I. John Almeda contends that the trial court denied his right to present a
defense by erroneously holding that an alibi witness was unavailable to testify. See
California v. Trombetta, 467 U.S. 479, 485 (1984). The California Court of
*
This disposition is not appropriate for publication and is not precedent
except as provided by 9th Cir. R. 36-3.
**
The panel unanimously concludes this case is suitable for decision
without oral argument. See Fed. R. App. P. 34(a)(2).

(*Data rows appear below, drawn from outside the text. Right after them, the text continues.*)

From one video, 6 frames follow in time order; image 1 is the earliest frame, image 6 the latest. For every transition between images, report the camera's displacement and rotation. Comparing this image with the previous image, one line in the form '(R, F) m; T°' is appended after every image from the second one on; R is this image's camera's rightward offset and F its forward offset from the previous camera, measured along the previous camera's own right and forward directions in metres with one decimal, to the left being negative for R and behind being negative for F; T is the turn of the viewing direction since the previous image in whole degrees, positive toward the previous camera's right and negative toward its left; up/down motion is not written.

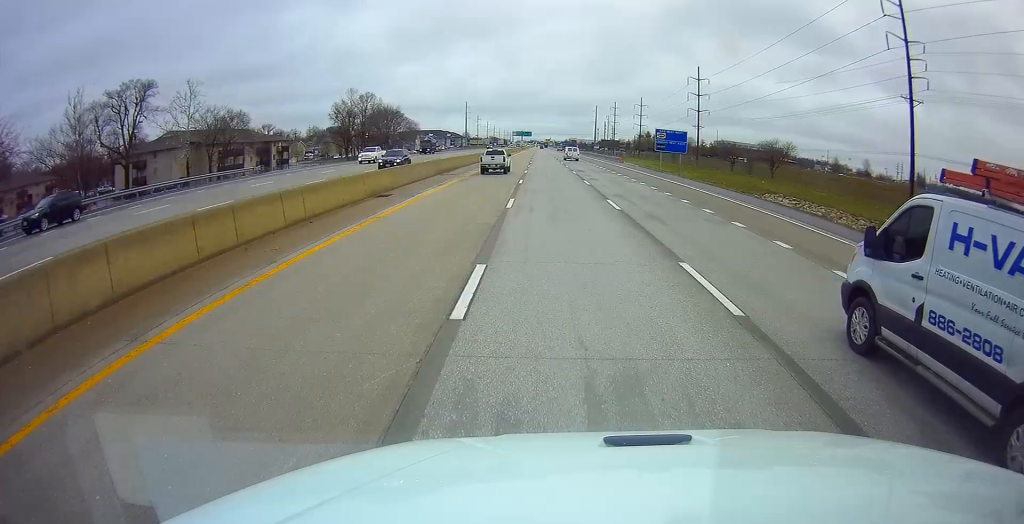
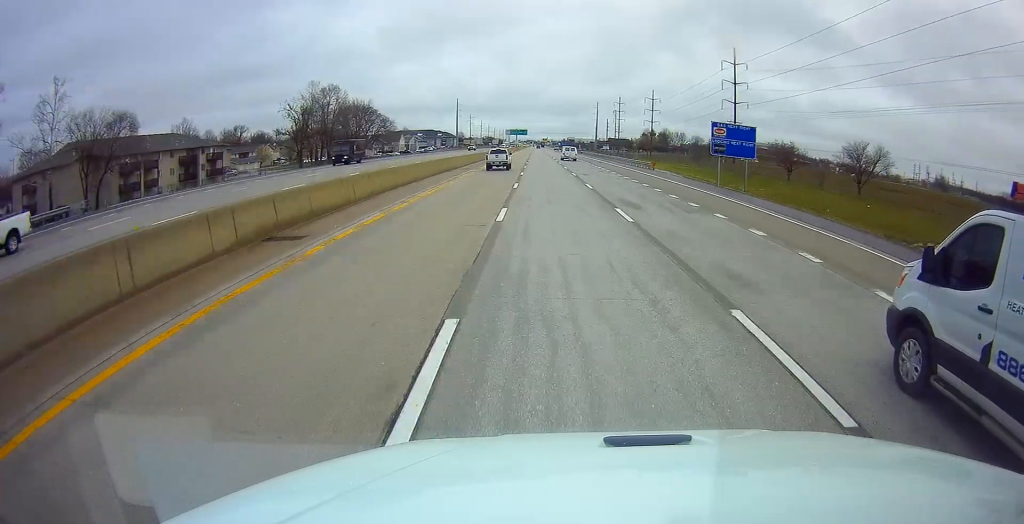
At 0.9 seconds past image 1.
(-0.3, +27.5) m; 0°
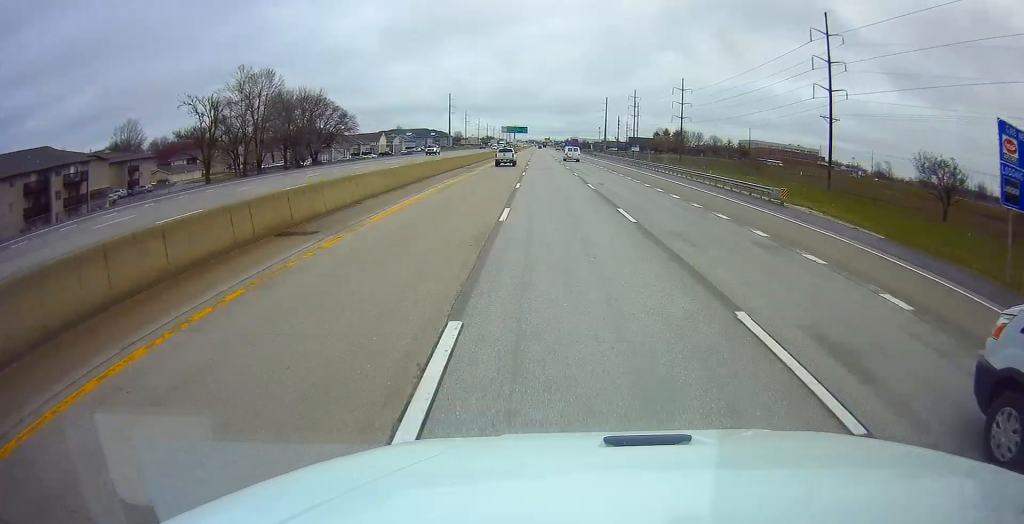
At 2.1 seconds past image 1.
(+0.6, +36.7) m; +1°
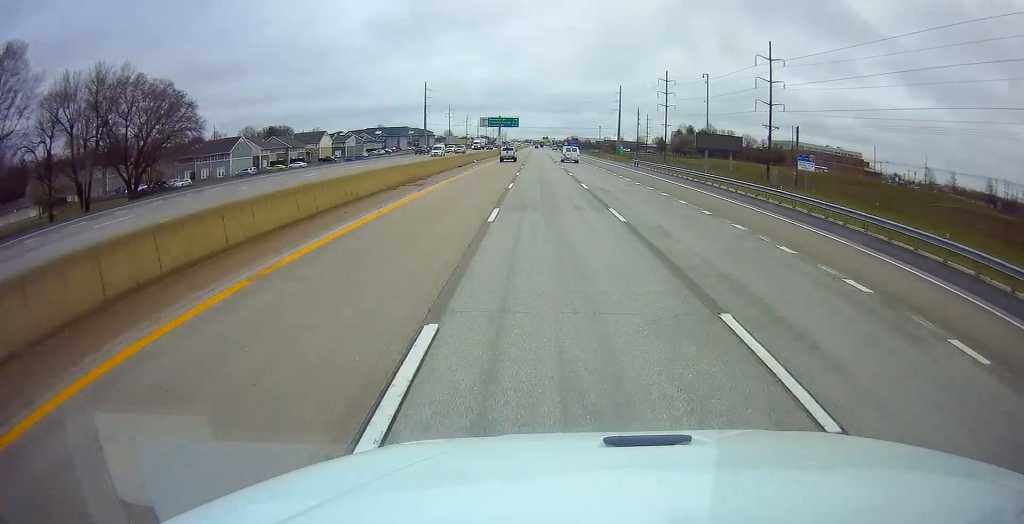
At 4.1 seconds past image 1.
(0.0, +61.3) m; 0°
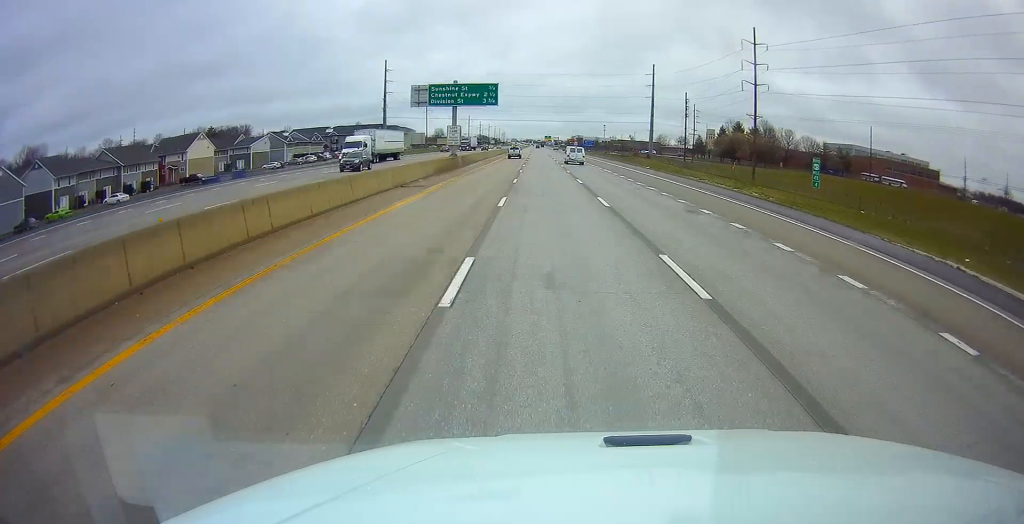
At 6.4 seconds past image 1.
(-1.0, +69.4) m; 0°
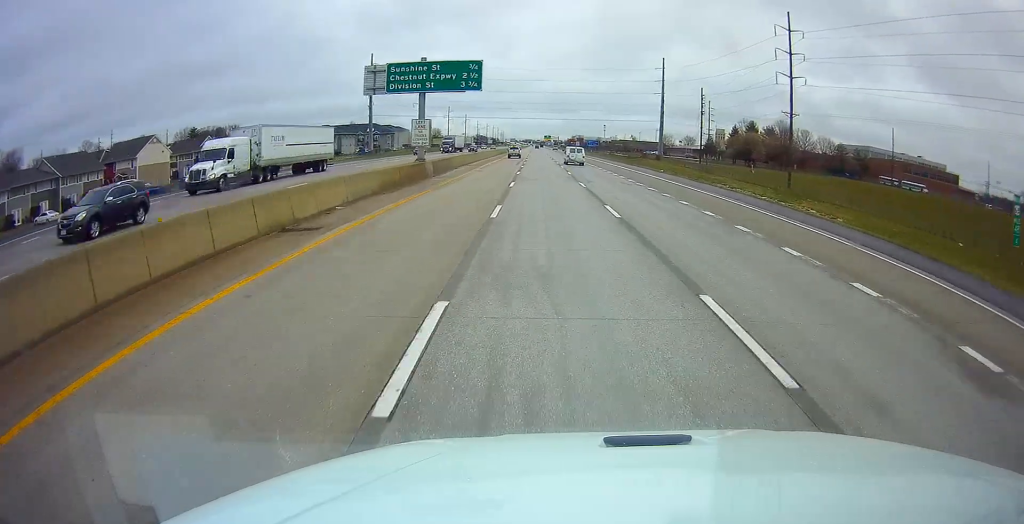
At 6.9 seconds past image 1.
(+0.2, +15.3) m; 0°

Appeal denied this claim, holding that the trial court did not abuse its discretion by
finding that the witness was unavailable and that other witnesses could have
provided the same testimony. This decision was not contrary to or an unreasonable
application of clearly established Supreme Court precedent, see 28 U.S.C. §
2254(d)(1), nor an unreasonable determination of the facts. See 28 U.S.C. §
2254(d)(2).
II. Almeda argues that his right to a fair trial was violated when the trial court
refused to grant him a continuance or a mistrial. The decision whether to grant a
continuance “is made in the discretion of the trial judge, the exercise of which will
ordinarily not be reviewed.” Avery v. Alabama, 308 U.S. 444, 446 (1940); see
Renico v. Lett, 559 U.S. 766, 774 (2010) (applying similar standard to decision
whether to grant mistrial). It is clearly established law that a trial judge does not
abuse that discretion unless the decision to deny a continuance was “an
unreasoning and arbitrary insistence upon expeditiousness in the face of a
justifiable request for delay.” Morris v. Slappy, 461 U.S. 1, 11-12 (1983) (internal
quotation marks omitted). Given this standard and the delays involved here, we
conclude that the California Court of Appeal’s decision denying this claim was not
an unreasonable application of Slappy. See 28 U.S.C. § 2254(d).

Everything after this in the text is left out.